[Data under study]

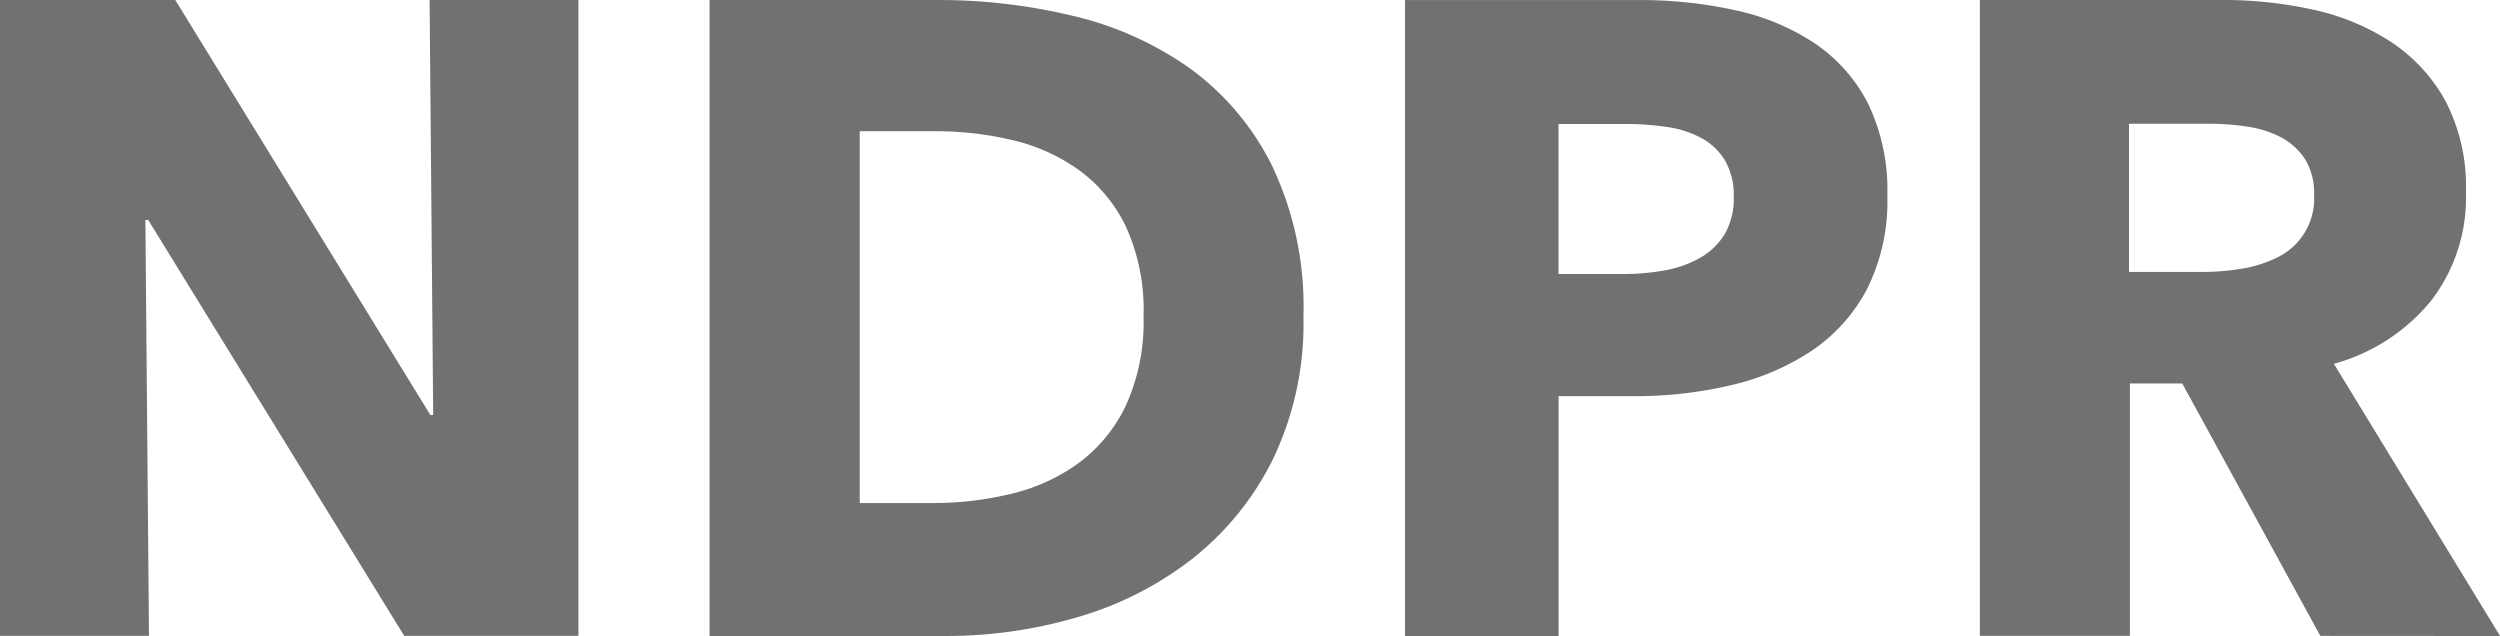 <svg xmlns="http://www.w3.org/2000/svg" id="Component_451_15" data-name="Component 451 &#x2013; 15" width="88.45" height="22.502" viewBox="0 0 88.45 22.502"><g id="Group_115403" data-name="Group 115403" style="mix-blend-mode: normal;isolation: isolate"><path id="Path_47649" data-name="Path 47649" d="M48.537,1094.4l-9.058-14.715h-.1l.127,14.715H34.235v-22.5h6.2l9.026,14.684h.1l-.127-14.684H54.7v22.5Z" transform="translate(-34.235 -1071.902)" fill="#707171"></path><path id="Path_47650" data-name="Path 47650" d="M127.175,1083.09a11.081,11.081,0,0,1-1.1,5.1,10.29,10.29,0,0,1-2.892,3.528,12.064,12.064,0,0,1-4.052,2.034,16.43,16.43,0,0,1-4.577.651h-8.391v-22.5H114.3a20.143,20.143,0,0,1,4.7.556,11.812,11.812,0,0,1,4.132,1.843,9.44,9.44,0,0,1,2.924,3.448A11.581,11.581,0,0,1,127.175,1083.09Zm-5.657,0a7.126,7.126,0,0,0-.62-3.162,5.331,5.331,0,0,0-1.653-2,6.625,6.625,0,0,0-2.352-1.065,11.582,11.582,0,0,0-2.717-.318h-2.7V1089.7h2.574a11.714,11.714,0,0,0,2.813-.334,6.656,6.656,0,0,0,2.384-1.1,5.438,5.438,0,0,0,1.653-2.034A7.145,7.145,0,0,0,121.518,1083.09Z" transform="translate(-81.059 -1071.902)" fill="#707171"></path><path id="Path_47651" data-name="Path 47651" d="M193.709,1078.831a6.9,6.9,0,0,1-.731,3.321,6,6,0,0,1-1.97,2.177,8.7,8.7,0,0,1-2.86,1.208,14.677,14.677,0,0,1-3.369.381h-2.7v8.486h-5.435v-22.5h8.263a15.543,15.543,0,0,1,3.449.366,8.139,8.139,0,0,1,2.8,1.176,5.7,5.7,0,0,1,1.875,2.13A7.034,7.034,0,0,1,193.709,1078.831Zm-5.435.032a2.428,2.428,0,0,0-.318-1.3,2.221,2.221,0,0,0-.858-.794,3.7,3.7,0,0,0-1.224-.381,10.282,10.282,0,0,0-1.414-.1h-2.384v5.308h2.289a8.122,8.122,0,0,0,1.462-.127,3.915,3.915,0,0,0,1.256-.445,2.386,2.386,0,0,0,.874-.842A2.511,2.511,0,0,0,188.274,1078.863Z" transform="translate(-126.935 -1071.902)" fill="#707171"></path><path id="Path_47652" data-name="Path 47652" d="M246.963,1094.4l-4.886-8.931h-1.852v8.931h-5.308v-22.5H243.5a14.942,14.942,0,0,1,3.163.334,8.23,8.23,0,0,1,2.765,1.129,5.907,5.907,0,0,1,1.955,2.1,6.554,6.554,0,0,1,.731,3.242,5.979,5.979,0,0,1-1.239,3.845,6.755,6.755,0,0,1-3.433,2.224l5.88,9.63Zm-.223-15.605a2.248,2.248,0,0,0-.335-1.287,2.3,2.3,0,0,0-.863-.763,3.779,3.779,0,0,0-1.182-.365,8.809,8.809,0,0,0-1.261-.1h-2.906v5.244h2.587a8.759,8.759,0,0,0,1.374-.111,4.393,4.393,0,0,0,1.278-.4,2.308,2.308,0,0,0,1.309-2.225Z" transform="translate(-164.869 -1071.902)" fill="#707171"></path></g></svg>
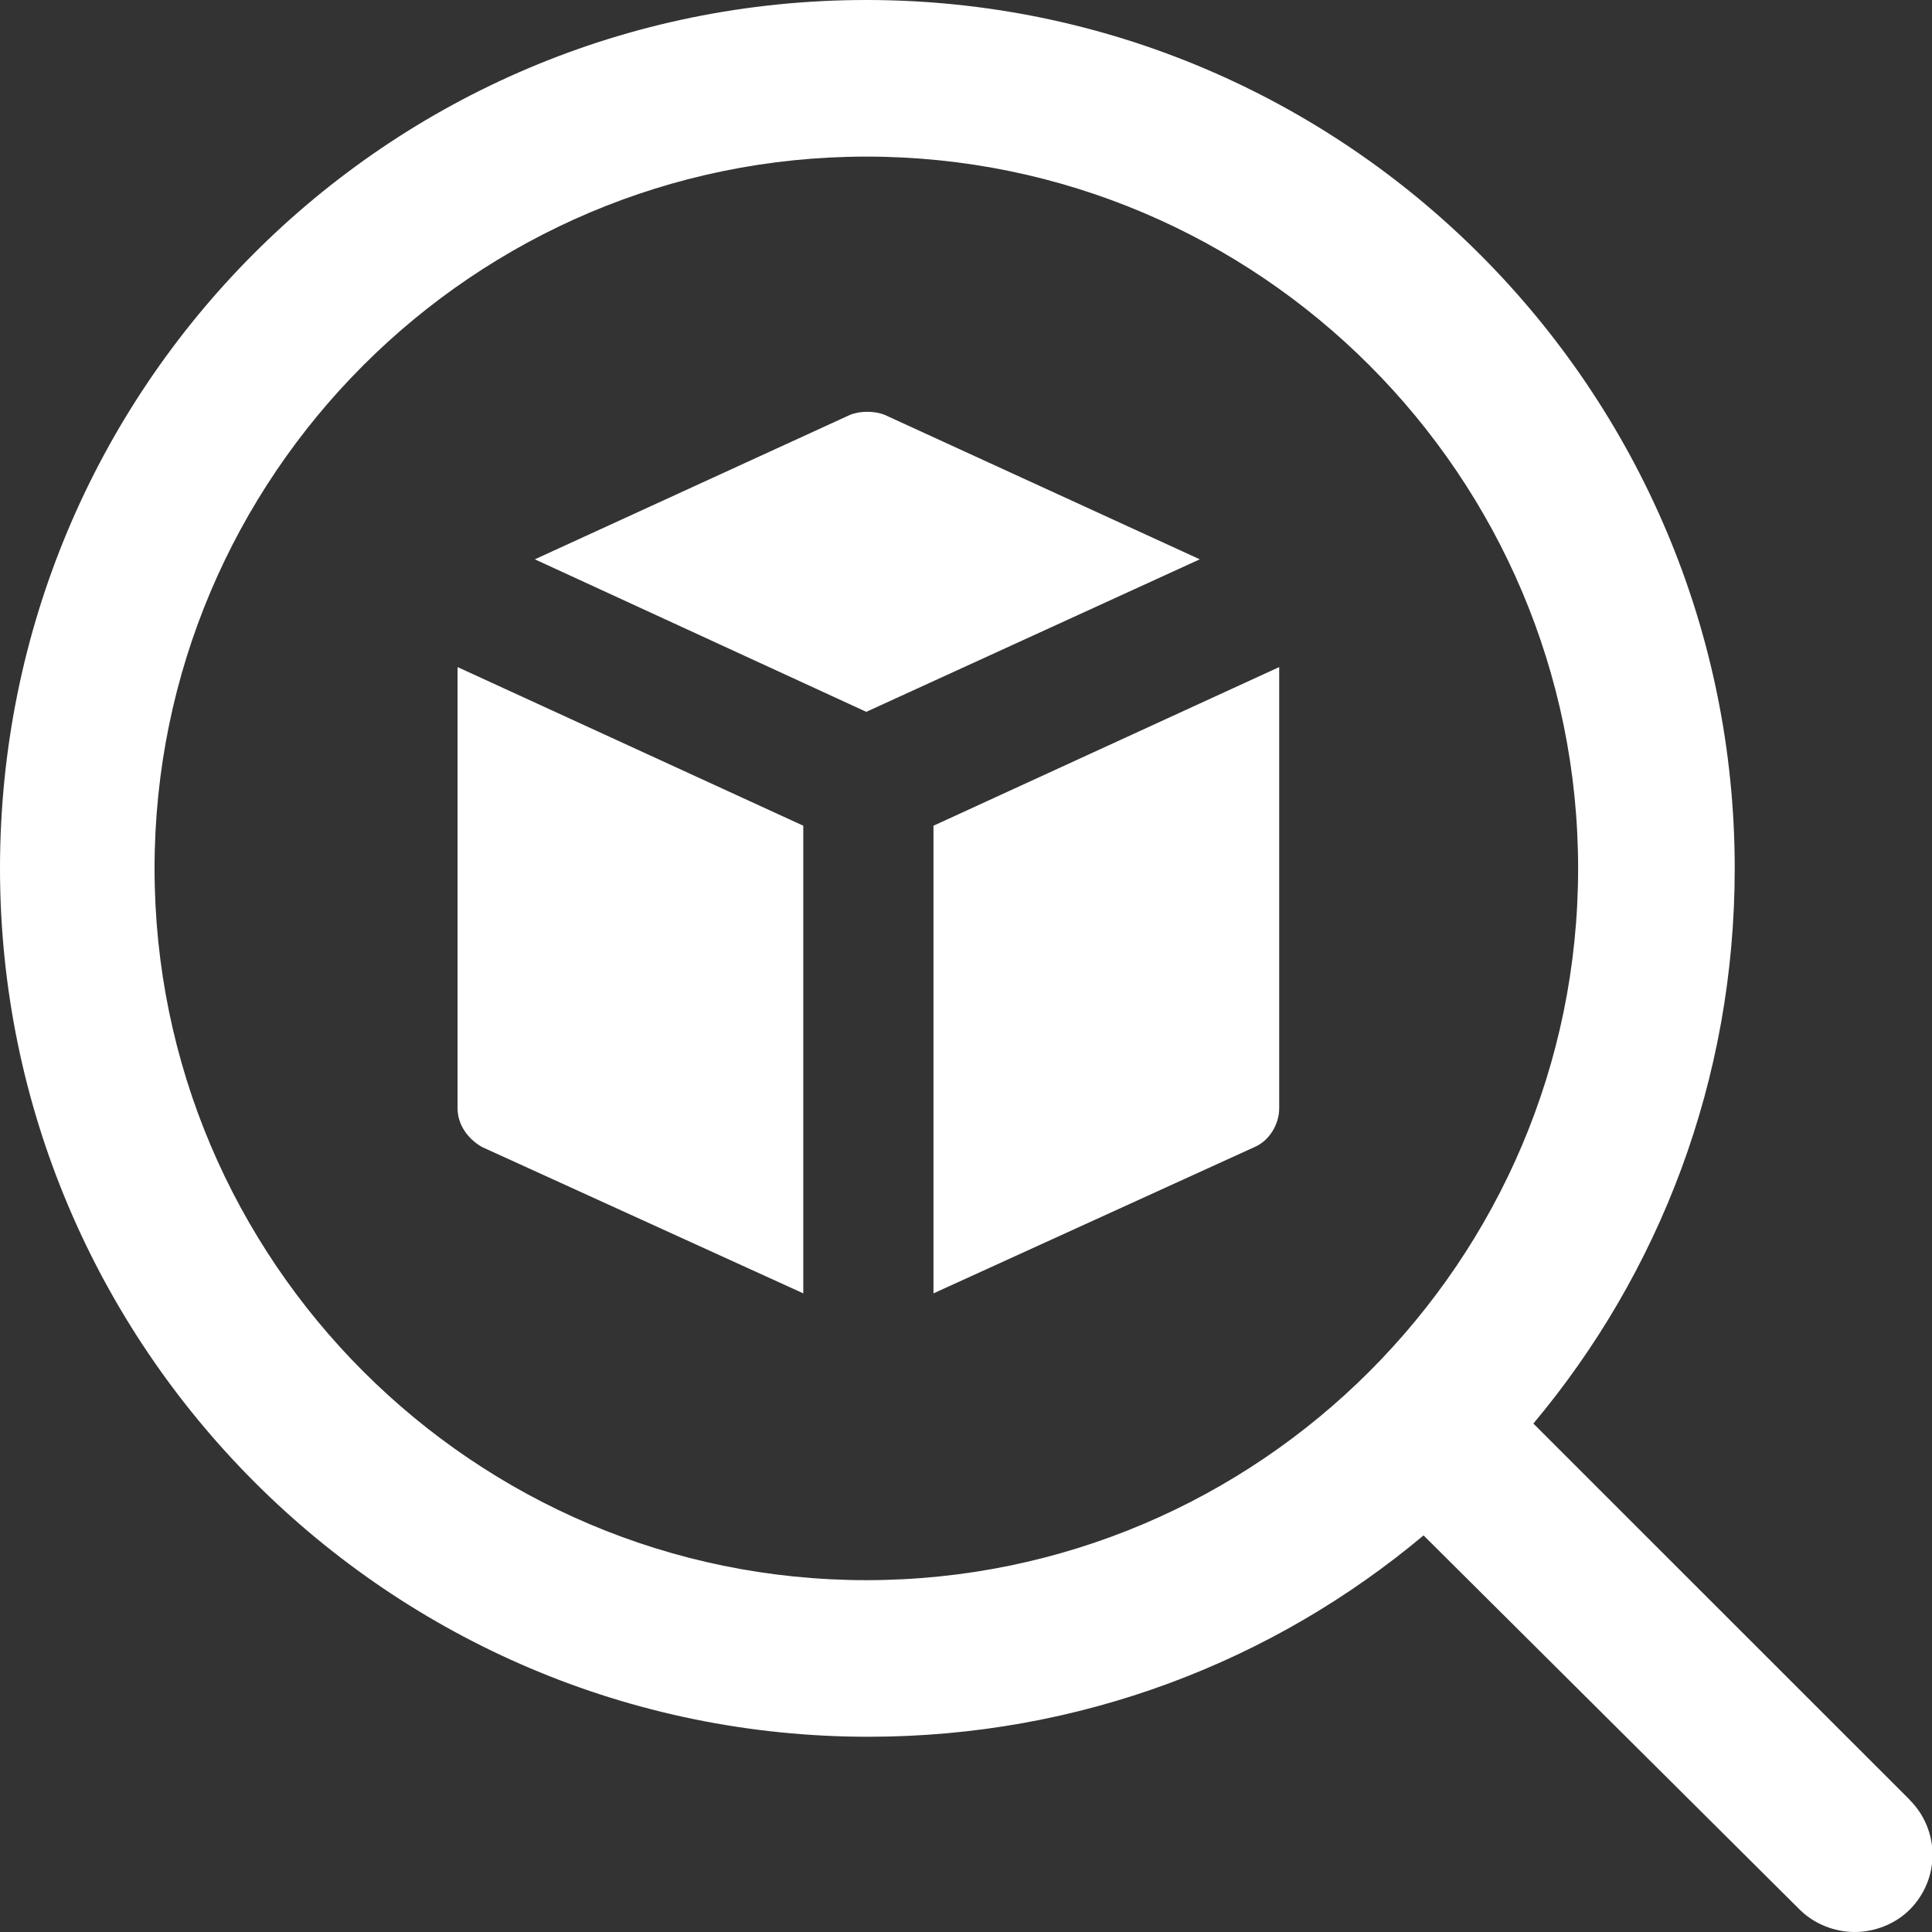 <svg width="18" height="18" viewBox="0 0 18 18" fill="none" xmlns="http://www.w3.org/2000/svg">
<rect x="0" y="0" width="18" height="18" fill="#333333" stroke="none"/>
<path d="M8.242 3.865C8.147 3.827 8.014 3.827 7.92 3.865L4.983 5.211L8.071 6.632L11.178 5.211L8.242 3.865Z" fill="white"/>
<path d="M4.263 10.326C4.263 10.478 4.358 10.61 4.49 10.686L7.484 12.05V7.693L4.263 6.215L4.263 10.326Z" fill="white"/>
<path d="M8.697 12.05L11.69 10.686C11.823 10.629 11.918 10.478 11.918 10.326V6.215L8.697 7.693L8.697 12.05Z" fill="white"/>
<path d="M17.792 16.768L14.286 13.263C15.461 11.861 16.162 10.061 16.162 8.091C16.162 3.638 12.543 0 8.072 0C3.6 0 0 3.619 0 8.091C0 12.543 3.619 16.181 8.091 16.181C10.061 16.181 11.861 15.48 13.263 14.305L16.768 17.792C16.901 17.924 17.09 18 17.28 18C17.47 18 17.659 17.924 17.792 17.792C18.076 17.507 18.076 17.053 17.791 16.768L17.792 16.768ZM1.44 8.091C1.44 4.434 4.415 1.459 8.072 1.459C11.728 1.459 14.703 4.434 14.703 8.091C14.703 11.747 11.728 14.722 8.072 14.722C4.415 14.722 1.44 11.747 1.44 8.091Z" fill="white"/>
</svg>

[/Data under study]

_Problem details_.
Your response should reproduce the entire listing verbatim, minus the pictures.

_Exercise solution_.
 <svg xmlns="http://www.w3.org/2000/svg" id="Component_451_15" data-name="Component 451 &#x2013; 15" width="88.45" height="22.502" viewBox="0 0 88.45 22.502"><g id="Group_115403" data-name="Group 115403" style="mix-blend-mode: normal;isolation: isolate"><path id="Path_47649" data-name="Path 47649" d="M48.537,1094.4l-9.058-14.715h-.1l.127,14.715H34.235v-22.5h6.2l9.026,14.684h.1l-.127-14.684H54.7v22.5Z" transform="translate(-34.235 -1071.902)" fill="#707171"></path><path id="Path_47650" data-name="Path 47650" d="M127.175,1083.09a11.081,11.081,0,0,1-1.1,5.1,10.29,10.29,0,0,1-2.892,3.528,12.064,12.064,0,0,1-4.052,2.034,16.43,16.43,0,0,1-4.577.651h-8.391v-22.5H114.3a20.143,20.143,0,0,1,4.7.556,11.812,11.812,0,0,1,4.132,1.843,9.44,9.44,0,0,1,2.924,3.448A11.581,11.581,0,0,1,127.175,1083.09Zm-5.657,0a7.126,7.126,0,0,0-.62-3.162,5.331,5.331,0,0,0-1.653-2,6.625,6.625,0,0,0-2.352-1.065,11.582,11.582,0,0,0-2.717-.318h-2.7V1089.7h2.574a11.714,11.714,0,0,0,2.813-.334,6.656,6.656,0,0,0,2.384-1.1,5.438,5.438,0,0,0,1.653-2.034A7.145,7.145,0,0,0,121.518,1083.09Z" transform="translate(-81.059 -1071.902)" fill="#707171"></path><path id="Path_47651" data-name="Path 47651" d="M193.709,1078.831a6.9,6.9,0,0,1-.731,3.321,6,6,0,0,1-1.97,2.177,8.7,8.7,0,0,1-2.86,1.208,14.677,14.677,0,0,1-3.369.381h-2.7v8.486h-5.435v-22.5h8.263a15.543,15.543,0,0,1,3.449.366,8.139,8.139,0,0,1,2.8,1.176,5.7,5.7,0,0,1,1.875,2.13A7.034,7.034,0,0,1,193.709,1078.831Zm-5.435.032a2.428,2.428,0,0,0-.318-1.3,2.221,2.221,0,0,0-.858-.794,3.7,3.7,0,0,0-1.224-.381,10.282,10.282,0,0,0-1.414-.1h-2.384v5.308h2.289a8.122,8.122,0,0,0,1.462-.127,3.915,3.915,0,0,0,1.256-.445,2.386,2.386,0,0,0,.874-.842A2.511,2.511,0,0,0,188.274,1078.863Z" transform="translate(-126.935 -1071.902)" fill="#707171"></path><path id="Path_47652" data-name="Path 47652" d="M246.963,1094.4l-4.886-8.931h-1.852v8.931h-5.308v-22.5H243.5a14.942,14.942,0,0,1,3.163.334,8.23,8.23,0,0,1,2.765,1.129,5.907,5.907,0,0,1,1.955,2.1,6.554,6.554,0,0,1,.731,3.242,5.979,5.979,0,0,1-1.239,3.845,6.755,6.755,0,0,1-3.433,2.224l5.88,9.63Zm-.223-15.605a2.248,2.248,0,0,0-.335-1.287,2.3,2.3,0,0,0-.863-.763,3.779,3.779,0,0,0-1.182-.365,8.809,8.809,0,0,0-1.261-.1h-2.906v5.244h2.587a8.759,8.759,0,0,0,1.374-.111,4.393,4.393,0,0,0,1.278-.4,2.308,2.308,0,0,0,1.309-2.225Z" transform="translate(-164.869 -1071.902)" fill="#707171"></path></g></svg>
 <svg width="18" height="18" viewBox="0 0 18 18" fill="none" xmlns="http://www.w3.org/2000/svg">
<rect x="0" y="0" width="18" height="18" fill="#333333" stroke="none"/>
<path d="M8.242 3.865C8.147 3.827 8.014 3.827 7.92 3.865L4.983 5.211L8.071 6.632L11.178 5.211L8.242 3.865Z" fill="white"/>
<path d="M4.263 10.326C4.263 10.478 4.358 10.61 4.49 10.686L7.484 12.05V7.693L4.263 6.215L4.263 10.326Z" fill="white"/>
<path d="M8.697 12.05L11.69 10.686C11.823 10.629 11.918 10.478 11.918 10.326V6.215L8.697 7.693L8.697 12.05Z" fill="white"/>
<path d="M17.792 16.768L14.286 13.263C15.461 11.861 16.162 10.061 16.162 8.091C16.162 3.638 12.543 0 8.072 0C3.6 0 0 3.619 0 8.091C0 12.543 3.619 16.181 8.091 16.181C10.061 16.181 11.861 15.48 13.263 14.305L16.768 17.792C16.901 17.924 17.09 18 17.28 18C17.47 18 17.659 17.924 17.792 17.792C18.076 17.507 18.076 17.053 17.791 16.768L17.792 16.768ZM1.44 8.091C1.44 4.434 4.415 1.459 8.072 1.459C11.728 1.459 14.703 4.434 14.703 8.091C14.703 11.747 11.728 14.722 8.072 14.722C4.415 14.722 1.44 11.747 1.44 8.091Z" fill="white"/>
</svg>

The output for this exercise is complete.